I suggest that I am being removed
for the wrong ‘reason for removal’ as stated by local management…
If I am, indeed, physically unable
to perform the duties of my job, then I would be willing to accept disability
retirement. However, I insist that my condition be determined by a physical
examination prior to removal or retirement.”
After
waiting almost five months for a response to his Hail-Mary play, Dad received
this letter of decision on May 3, 1978:
“Your
application for retirement under the disability provisions of the Civil Service
Retirement Law has not been approved because total disability for useful and
efficient service in the position of Letter Carrier has not been shown.
A careful
review and evaluation by the Office of Personnel Management’s medical staff of
all evidence submitted in your case fails to establish that you have a
disability…”
You would think that
the glaring conflicts in logic that Dad had been tirelessly pointing out, to
anyone who would listen, would capture the attention of someone in some office,
but no.
To a bureaucracy which
customarily deals with people trying to convince them they are entitled to
collect disability checks, a case like Dad’s was probably puzzling at the
least. He was trying his damndest to prove he was not disabled. The irony was not lost on Dad, who tried to use this
fact to his advantage, to appeal to some thinking person, sitting behind some
desk somewhere, with a shred of humanity.
It was John McNulty
against the Post Office, and the Post Office won every time.
I have often wondered
how Dad endured this frustrating, antagonistic, disappointing battle. He received little comfort or compassion from
anyone, and hardly ever did he receive any hopeful news. He struggled to make
ends meet, without his regular paycheck.
I have concluded that
it was the struggle itself which kept him going. To have “rolled over “ would
have destroyed him, mentally and emotionally. Writing all those letters was an
action he could take. His fight was for more than principle or livelihood, it
was also for his dignity.
He was good at it,
too. His wit and humor must have energized him throughout his long battle.

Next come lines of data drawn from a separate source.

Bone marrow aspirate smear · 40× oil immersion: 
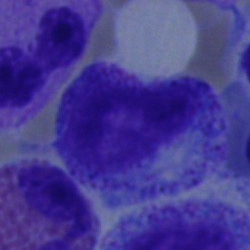
The cell shown is a myelocyte.
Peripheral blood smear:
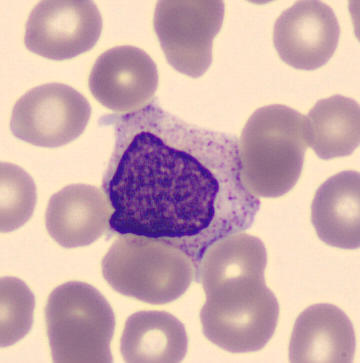

Q: Identify the cell.
A: A myelocyte.
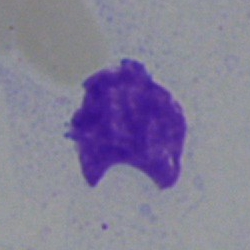 The classification is artifact.
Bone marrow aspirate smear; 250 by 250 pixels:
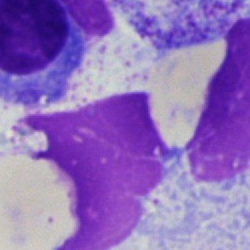 An artefact.
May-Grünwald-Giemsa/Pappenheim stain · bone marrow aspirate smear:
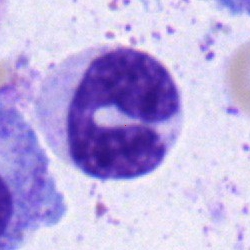 Showing a polymorphonuclear neutrophil.
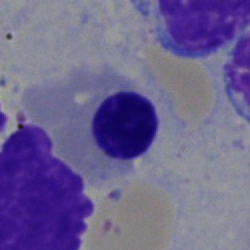

Q: What is shown here?
A: It is a normoblast.
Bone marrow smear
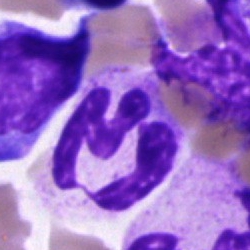The cell type is segmented neutrophil.
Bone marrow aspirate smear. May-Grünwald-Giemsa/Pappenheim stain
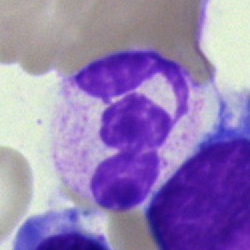 Classification: neutrophil (segmented).
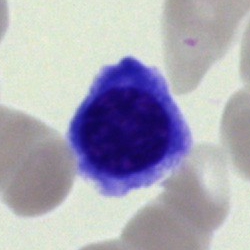

The cell type is normoblast.
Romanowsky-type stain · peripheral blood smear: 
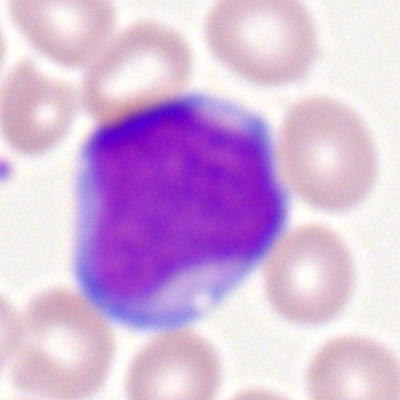Cell type = myeloid blast.
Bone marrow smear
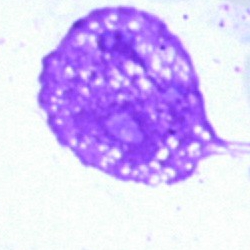

The cell shown is an artefact.
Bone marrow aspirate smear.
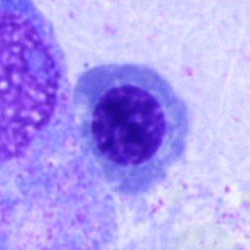 Morphology consistent with a nucleated red blood cell.
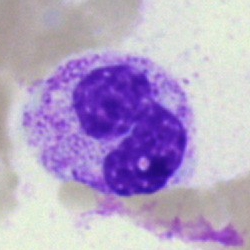
{"cell_type": "segmented neutrophil"}
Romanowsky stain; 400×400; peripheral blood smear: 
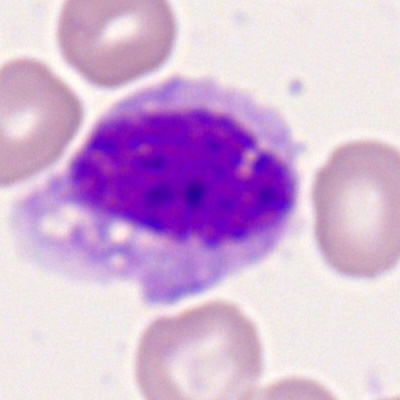
The cell shown is a monocyte.
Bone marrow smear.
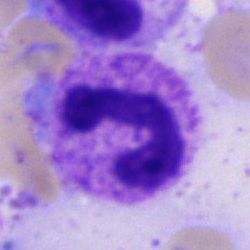

Morphological class = polymorphonuclear neutrophil.
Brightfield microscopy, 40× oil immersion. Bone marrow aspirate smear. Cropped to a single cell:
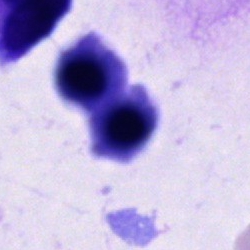 Q: What is the morphological classification of this cell?
A: This is a cell of indeterminate lineage.
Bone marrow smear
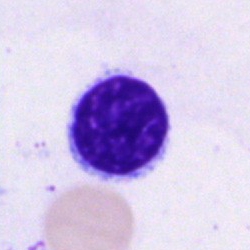This is a typical lymphocyte.
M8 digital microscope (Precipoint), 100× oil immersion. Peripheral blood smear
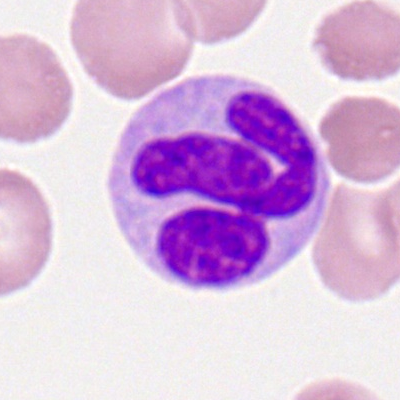
Cell type — monocyte.
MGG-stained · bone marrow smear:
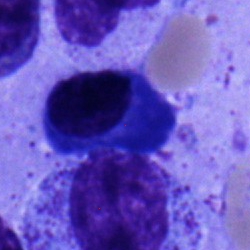

The cell type is normoblast.
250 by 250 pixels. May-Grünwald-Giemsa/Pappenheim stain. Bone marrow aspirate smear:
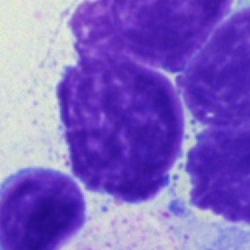 The cell type is artefact.
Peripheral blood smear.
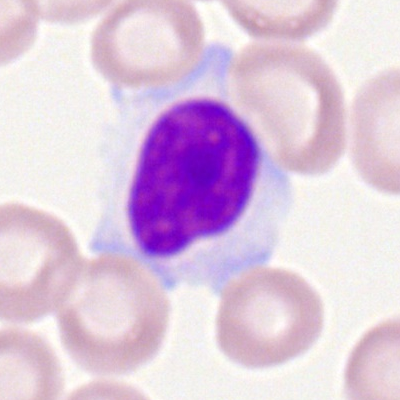
Q: What cell is this?
A: A typical lymphocyte.
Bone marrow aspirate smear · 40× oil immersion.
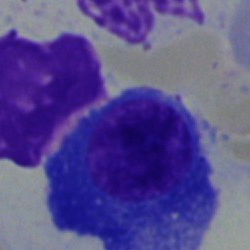

Morphology consistent with a plasma cell.
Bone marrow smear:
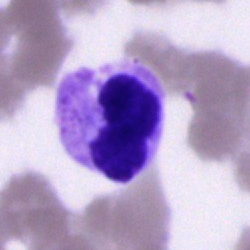
Cell — segmented neutrophil.
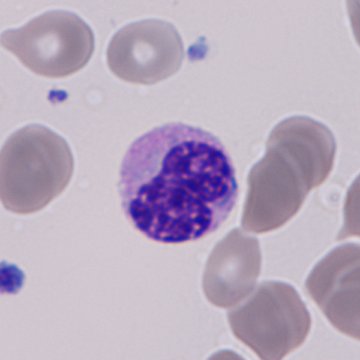
Specimen: peripheral blood film.
Cell type: immature granulocyte.
Lineage: myeloid.
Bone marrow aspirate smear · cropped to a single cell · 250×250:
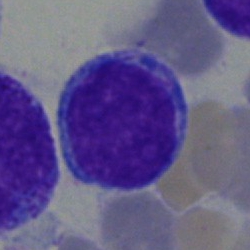
Cell = blast cell.
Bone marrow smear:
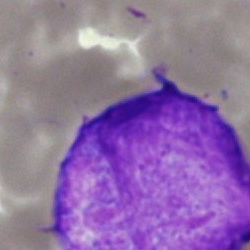 The cell shown is a blast.
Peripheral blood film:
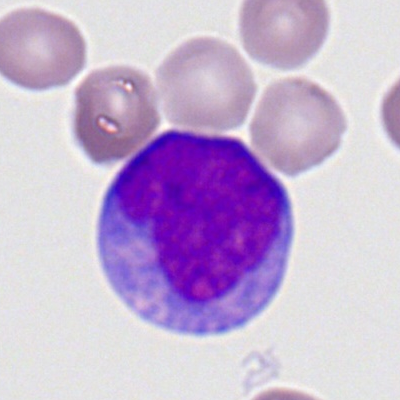
Morphology consistent with a myeloblast.
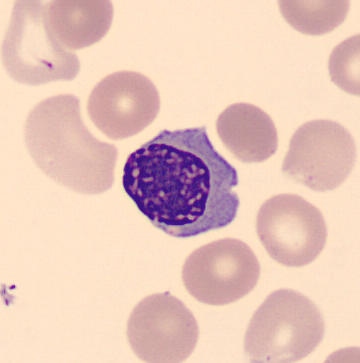 Showing an erythroblast.
Single-cell field. MGG stain. Peripheral blood film.
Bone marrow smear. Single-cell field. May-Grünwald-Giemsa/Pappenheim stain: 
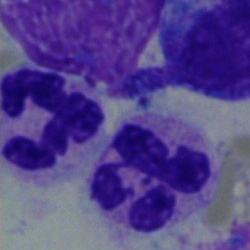 A segmented neutrophil.
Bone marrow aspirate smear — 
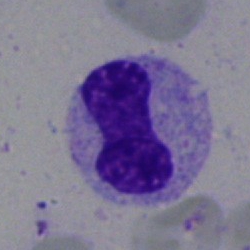
A band neutrophil.
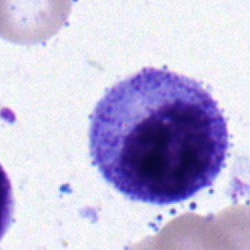

Cell — myelocyte.
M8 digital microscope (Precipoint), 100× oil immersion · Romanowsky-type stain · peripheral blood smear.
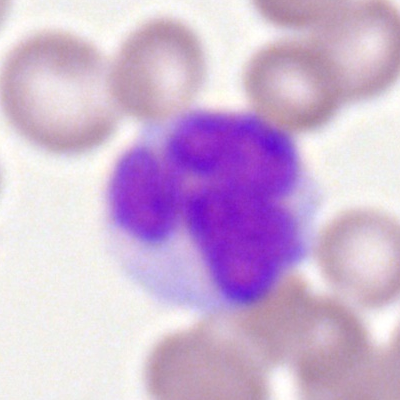

Morphology consistent with a monocyte.
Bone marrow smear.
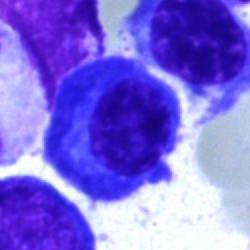 Cell type: plasmacyte.
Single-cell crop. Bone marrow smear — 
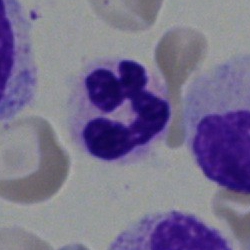
Q: What is shown here?
A: It is a neutrophil (segmented).
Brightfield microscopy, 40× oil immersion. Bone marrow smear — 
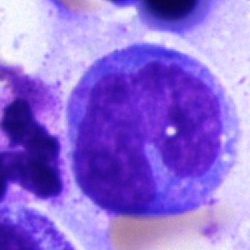Single cell identified as a monocyte.
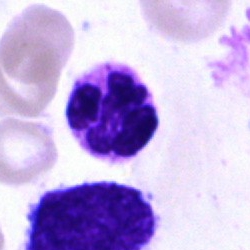Cell — segmented neutrophil.
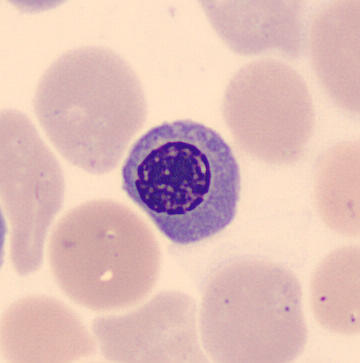
Identified as a nucleated red cell.
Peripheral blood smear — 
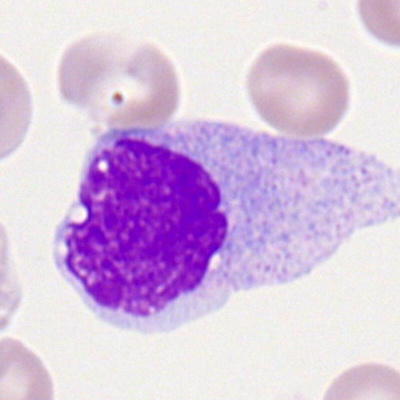Showing a monocyte.
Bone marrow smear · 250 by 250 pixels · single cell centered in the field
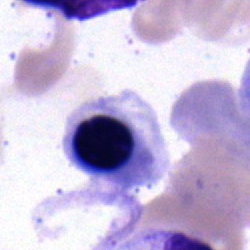Morphological class — erythroblast.
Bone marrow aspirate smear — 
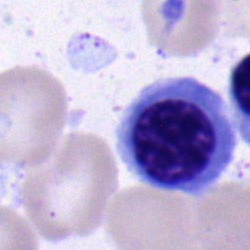

Showing a nucleated red cell.
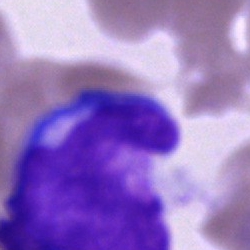

Specimen: bone marrow aspirate smear.
Morphological class: blast.
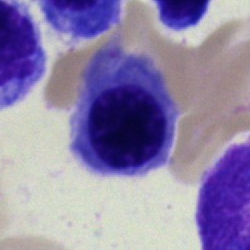 Single-cell crop from a bone marrow smear: erythroblast.
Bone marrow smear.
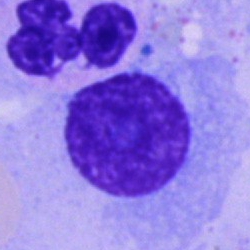

The cell shown is a plasmacyte.
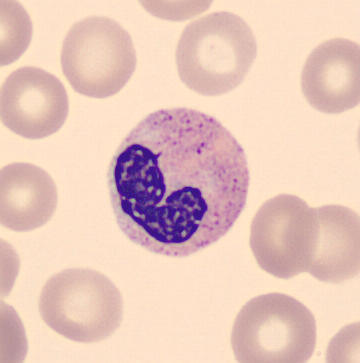 A neutrophil (band).

Acquisition: Peripheral blood film.
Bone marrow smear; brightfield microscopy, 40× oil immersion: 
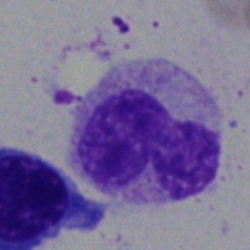

Showing a stab cell.
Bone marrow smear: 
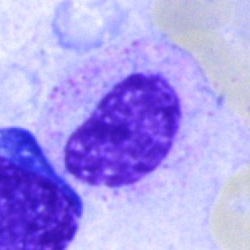
Band neutrophil.
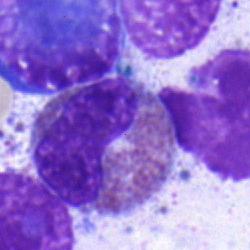 Specimen: bone marrow aspirate smear.
Cell: eosinophil.
Lineage: myeloid.
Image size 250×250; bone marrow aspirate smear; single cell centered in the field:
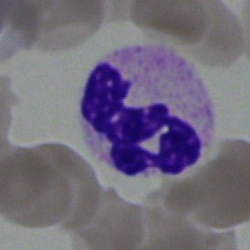Showing a polymorphonuclear neutrophil.
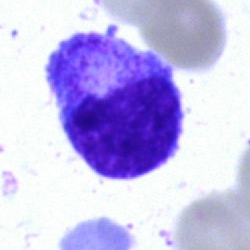 Impression — promyelocyte.
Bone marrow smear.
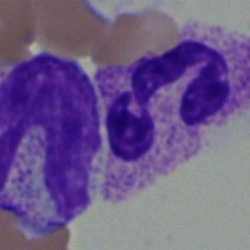Classification = neutrophil (segmented).
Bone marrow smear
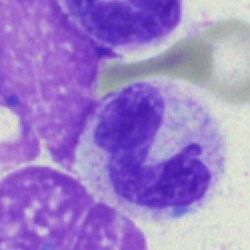
The morphological class is band neutrophil.
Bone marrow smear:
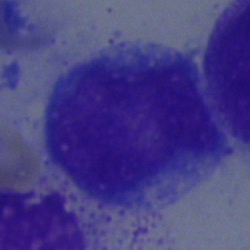

Specimen: bone marrow aspirate smear.
Cell type: monocyte.
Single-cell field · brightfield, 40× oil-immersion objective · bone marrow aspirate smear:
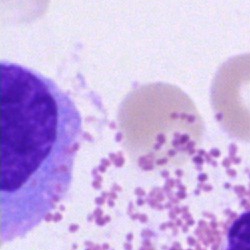 Cell type = cell of indeterminate lineage.
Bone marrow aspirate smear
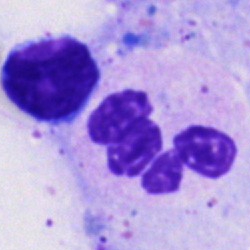Single cell identified as a neutrophil (segmented).
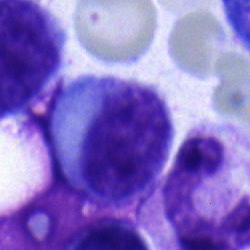
Morphology — myelocyte.
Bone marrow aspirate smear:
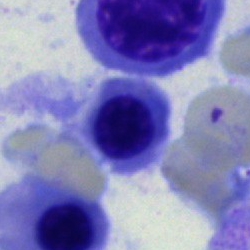 Classification — normoblast.
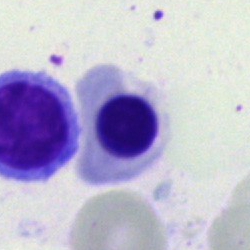 A normoblast.
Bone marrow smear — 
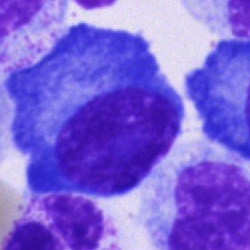Specimen: bone marrow aspirate smear.
Morphological class: plasmacyte.
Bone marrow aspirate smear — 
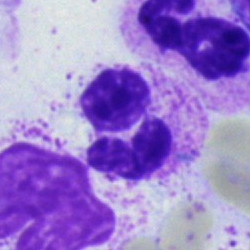
Specimen: bone marrow aspirate smear.
Morphological class: nucleated red blood cell.
Lineage: erythroid.
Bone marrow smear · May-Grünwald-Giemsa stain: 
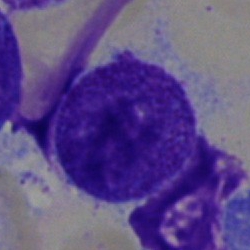 Cell type = promyelocyte.
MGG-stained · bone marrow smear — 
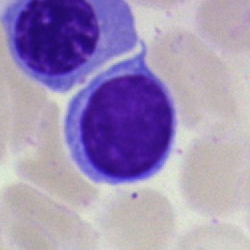
Classification: lymphocyte.
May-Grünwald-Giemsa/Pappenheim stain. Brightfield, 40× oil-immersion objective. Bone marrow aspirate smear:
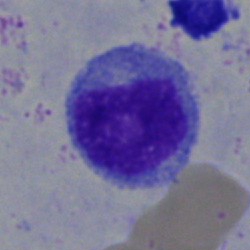 The cell shown is a myelocyte.
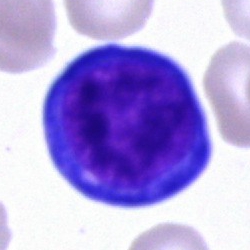

Proerythroblast.
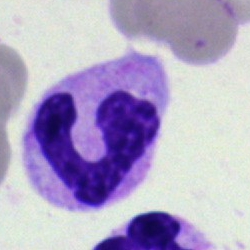
Showing a polymorphonuclear neutrophil.
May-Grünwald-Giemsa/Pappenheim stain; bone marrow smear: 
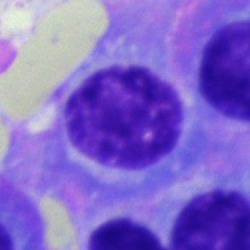Showing a plasma cell.
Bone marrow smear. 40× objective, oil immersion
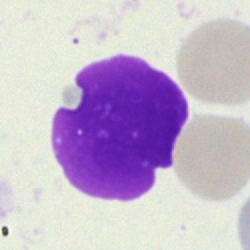 Single cell identified as an artefact.
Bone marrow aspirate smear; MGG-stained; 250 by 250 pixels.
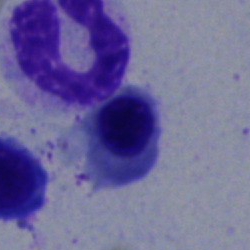

Impression — normoblast.
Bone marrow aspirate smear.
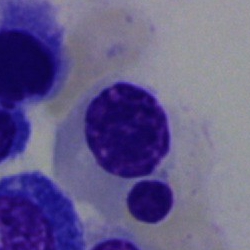

Morphology consistent with an erythroblast.
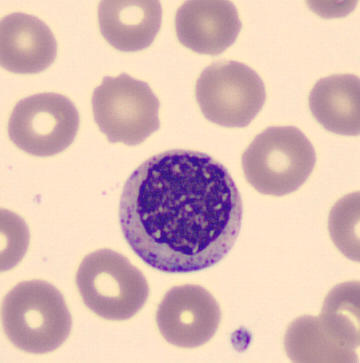The morphological class is myelocyte.
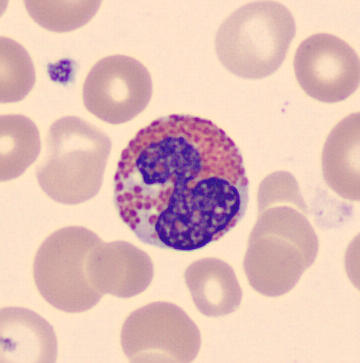
Peripheral blood smear · single cell centered in the field. Q: Which cell type is shown here?
A: An eosinophilic granulocyte.
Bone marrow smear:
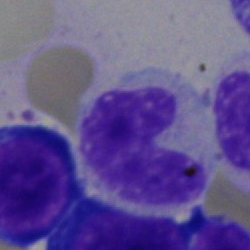 The classification is neutrophil (band).
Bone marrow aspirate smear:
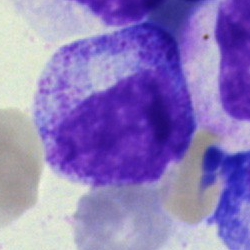 Showing a myelocyte.
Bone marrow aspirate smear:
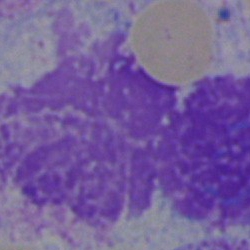

An artifact.
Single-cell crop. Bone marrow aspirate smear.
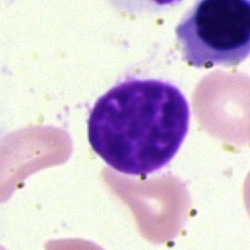 Single cell identified as an artefact.
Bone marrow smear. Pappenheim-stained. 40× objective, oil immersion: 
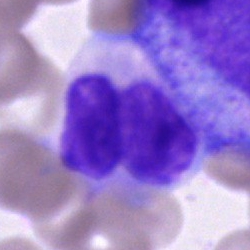 Specimen: bone marrow aspirate smear.
Classification: unidentifiable cell.
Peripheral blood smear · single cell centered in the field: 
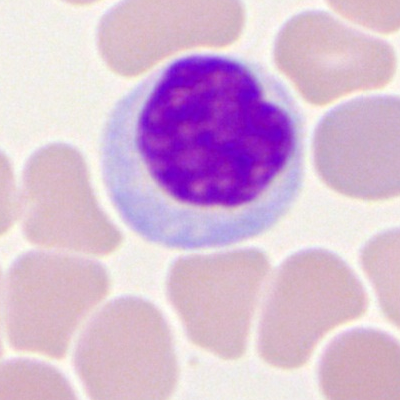

Morphological class: lymphocyte.
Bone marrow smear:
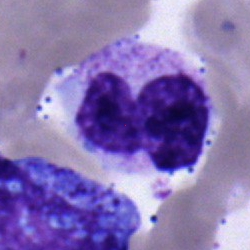
Impression — neutrophil (band).
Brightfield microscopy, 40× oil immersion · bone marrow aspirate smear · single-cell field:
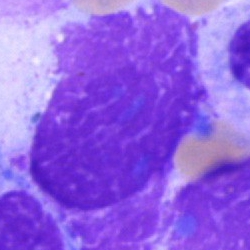

The cell shown is an artefact.

He
wanted and needed to outsmart the bastards.
It was not until
recently that I understood an underlying motivation that may have fueled Dad in
this particular struggle- he always
wanted to be a lawyer. I never knew this until he told me, in 1967, when I had
just graduated high school and was headed to college. I was the first in our
family who had been able to pursue education beyond high school. Dad wanted to
honor my ambition by taking me to a nice restaurant where he had earned some
credit by repairing their refrigeration equipment in the kitchen. This alone
would be a rare treat for me. I was 17, and I couldn’t remember more than a few
times in my life when we had gone out to eat dinner in a sit-down restaurant. He
proudly introduced me to the owner and to the cooks and waiters.
At some point during
our meal, he made a point of telling me he was proud of me, which in itself
stunned me. Then, he looked at me and simply said “If I could have gone to college, I’d be a
damn lawyer today.” I could not have been more surprised if he had told me he’d
always dreamed of being a lounge singer. Dad- a lawyer? Dad- who had always disparaged men who wore
suits to work, men with briefcases, especially and specifically lawyers! Now I
know why.
After more than four
years of an excruciatingly frustrating bureaucratic struggle, I must assume
that Dad reached the point where he experienced a sort of epiphany. He did not put his thoughts on paper, that I
know of, but somehow, one day, he awoke to a new realization: fighting
bureaucracy on their terms, writing letters, using the traditional tools of repeated explanation
and evidence and reason and logic- was not going to work. He needed to get their
attention in a completely different way. He needed someone in Washington to
hear his story directly from him.
Maybe he would just have
to go there in person. And what better way to make the trip than by walking the
entire way?
So, in the spring of
1982, he started planning for a hard journey, one that would show everyone, in
an undeniable way, what John McNulty was capable of- walking more than 1,000
miles, from South Florida all the way to Washington, D.C.